Collection entries:
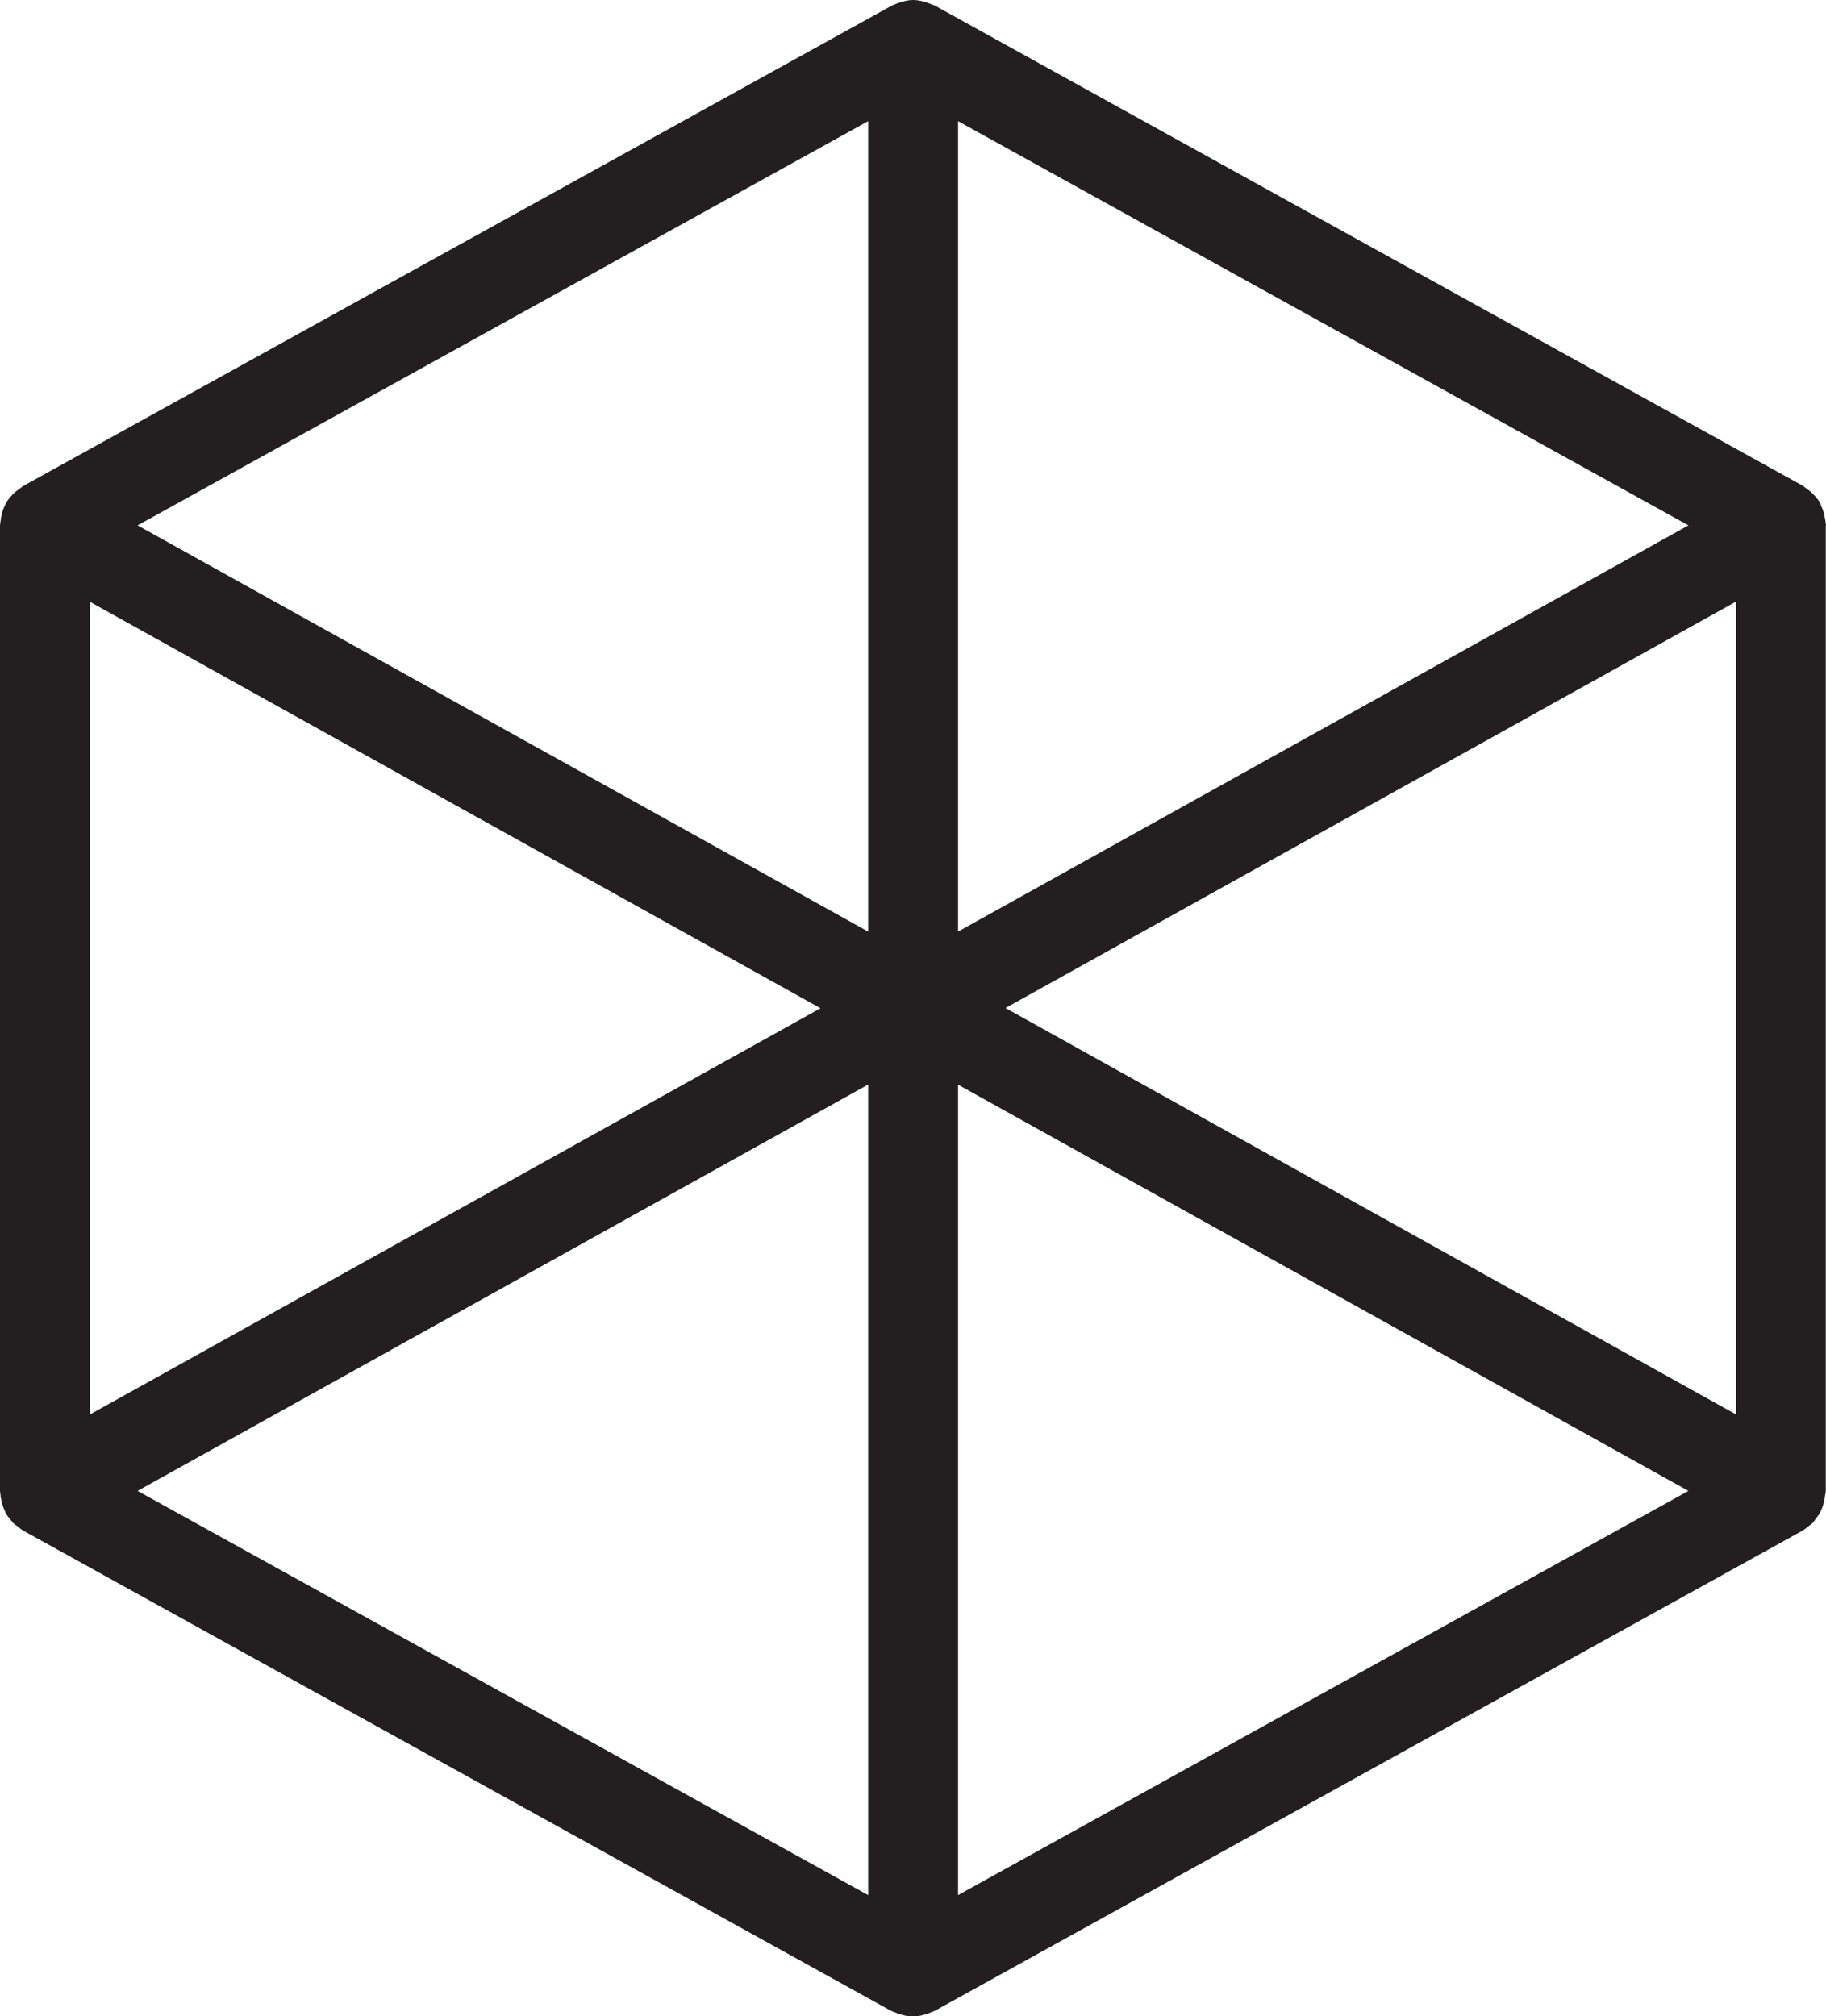 <svg viewBox="0 0 81.23 89.69" xmlns:xlink="http://www.w3.org/1999/xlink" xmlns="http://www.w3.org/2000/svg" data-name="Layer 1" id="Layer_1">
  <defs>
    <style>
      .cls-1 {
        fill: none;
      }

      .cls-2 {
        fill: #231f20;
      }

      .cls-3 {
        clip-path: url(#clippath);
      }
    </style>
    <clipPath id="clippath">
      <rect height="89.69" width="81.23" y="0" x="0" class="cls-1"></rect>
    </clipPath>
  </defs>
  <g class="cls-3">
    <path d="M77.23,26.77v36.15l-32.5-18.08,32.5-18.08ZM42.62,5.39l32.49,17.98-32.49,18.07V5.39ZM6.12,23.37L38.62,5.39v36.05L6.12,23.37ZM38.62,48.25v36.05L6.12,66.32l32.49-18.07ZM42.62,48.25l32.49,18.07-32.49,17.98v-36.05ZM4,26.77l32.5,18.08L4,62.92V26.77ZM81.23,23.37s-.01-.08-.02-.13c0-.07-.02-.13-.03-.19-.03-.2-.09-.4-.18-.58-.01-.02-.01-.05-.02-.07,0,0-.01-.01-.01-.02-.11-.2-.27-.37-.45-.53-.05-.04-.1-.07-.15-.11-.06-.04-.11-.09-.17-.13L41.59.25s-.09-.03-.13-.05c-.05-.02-.1-.04-.15-.06-.22-.08-.45-.14-.69-.14,0,0,0,0,0,0,0,0,0,0,0,0-.23,0-.46.06-.68.14-.05.02-.1.04-.15.06-.04.02-.08.03-.12.05L1.03,21.62c-.06.04-.11.09-.17.13-.05.04-.1.07-.15.11-.18.15-.34.33-.45.53,0,0,0,0-.01.01-.01.02,0,.04-.02.06-.1.19-.16.39-.19.6,0,.06-.02.11-.02.17,0,.05-.02.09-.02.14v42.96s.01.09.02.14c0,.06.01.12.02.17.03.21.1.42.19.6.01.02,0,.04.02.06,0,0,0,.01.01.02.06.1.13.19.21.28.04.05.08.11.12.15.05.05.12.09.18.14.08.06.15.13.24.18,0,0,0,0,.01.01l38.62,21.37s.08.03.13.05c.05.02.1.04.15.06.22.08.45.14.69.14h0c.24,0,.47-.06.69-.14.05-.02.1-.04.15-.06.04-.02.09-.03.13-.05l38.62-21.37s0,0,.01-.01c.1-.06.18-.13.27-.2.05-.04.11-.07.15-.12.06-.06.1-.13.15-.2.06-.08.12-.15.17-.23,0,0,.01-.01.02-.02.01-.02.01-.05.02-.07.09-.18.15-.38.18-.58.01-.07.02-.13.03-.19,0-.04.02-.08.02-.13V23.37Z" class="cls-2"></path>
  </g>
</svg>

*TASK REQUIREMENTS*.
Full transcription without images: please go through the records and repeat them exactly.

*WRITTEN REPLY*.
 <svg viewBox="0 0 81.23 89.69" xmlns:xlink="http://www.w3.org/1999/xlink" xmlns="http://www.w3.org/2000/svg" data-name="Layer 1" id="Layer_1">
  <defs>
    <style>
      .cls-1 {
        fill: none;
      }

      .cls-2 {
        fill: #231f20;
      }

      .cls-3 {
        clip-path: url(#clippath);
      }
    </style>
    <clipPath id="clippath">
      <rect height="89.69" width="81.23" y="0" x="0" class="cls-1"></rect>
    </clipPath>
  </defs>
  <g class="cls-3">
    <path d="M77.23,26.77v36.15l-32.5-18.08,32.5-18.08ZM42.62,5.39l32.49,17.98-32.49,18.07V5.39ZM6.12,23.37L38.62,5.39v36.05L6.12,23.37ZM38.62,48.25v36.05L6.12,66.32l32.49-18.07ZM42.62,48.25l32.49,18.07-32.49,17.98v-36.05ZM4,26.77l32.5,18.08L4,62.92V26.77ZM81.23,23.37s-.01-.08-.02-.13c0-.07-.02-.13-.03-.19-.03-.2-.09-.4-.18-.58-.01-.02-.01-.05-.02-.07,0,0-.01-.01-.01-.02-.11-.2-.27-.37-.45-.53-.05-.04-.1-.07-.15-.11-.06-.04-.11-.09-.17-.13L41.59.25s-.09-.03-.13-.05c-.05-.02-.1-.04-.15-.06-.22-.08-.45-.14-.69-.14,0,0,0,0,0,0,0,0,0,0,0,0-.23,0-.46.06-.68.14-.05.02-.1.04-.15.06-.04.02-.08.03-.12.05L1.03,21.62c-.06.04-.11.09-.17.13-.05.04-.1.07-.15.11-.18.15-.34.33-.45.53,0,0,0,0-.01.01-.01.02,0,.04-.02.06-.1.19-.16.39-.19.6,0,.06-.02.11-.02.17,0,.05-.02.09-.02.14v42.96s.01.09.02.14c0,.06.01.12.02.17.03.21.1.42.19.6.01.02,0,.04.02.06,0,0,0,.01.01.02.06.1.13.19.21.28.04.05.08.11.12.15.05.05.12.09.18.14.08.06.15.13.24.18,0,0,0,0,.01.01l38.62,21.37s.08.03.13.05c.05.02.1.04.15.06.22.08.45.14.69.14h0c.24,0,.47-.06.69-.14.05-.02.1-.04.15-.06.04-.02.09-.03.13-.05l38.62-21.37s0,0,.01-.01c.1-.06.18-.13.27-.2.05-.04.11-.07.15-.12.06-.06.1-.13.15-.2.06-.08.12-.15.17-.23,0,0,.01-.01.02-.02.01-.02.01-.05.02-.07.09-.18.15-.38.18-.58.01-.07.02-.13.03-.19,0-.04.02-.08.02-.13V23.37Z" class="cls-2"></path>
  </g>
</svg>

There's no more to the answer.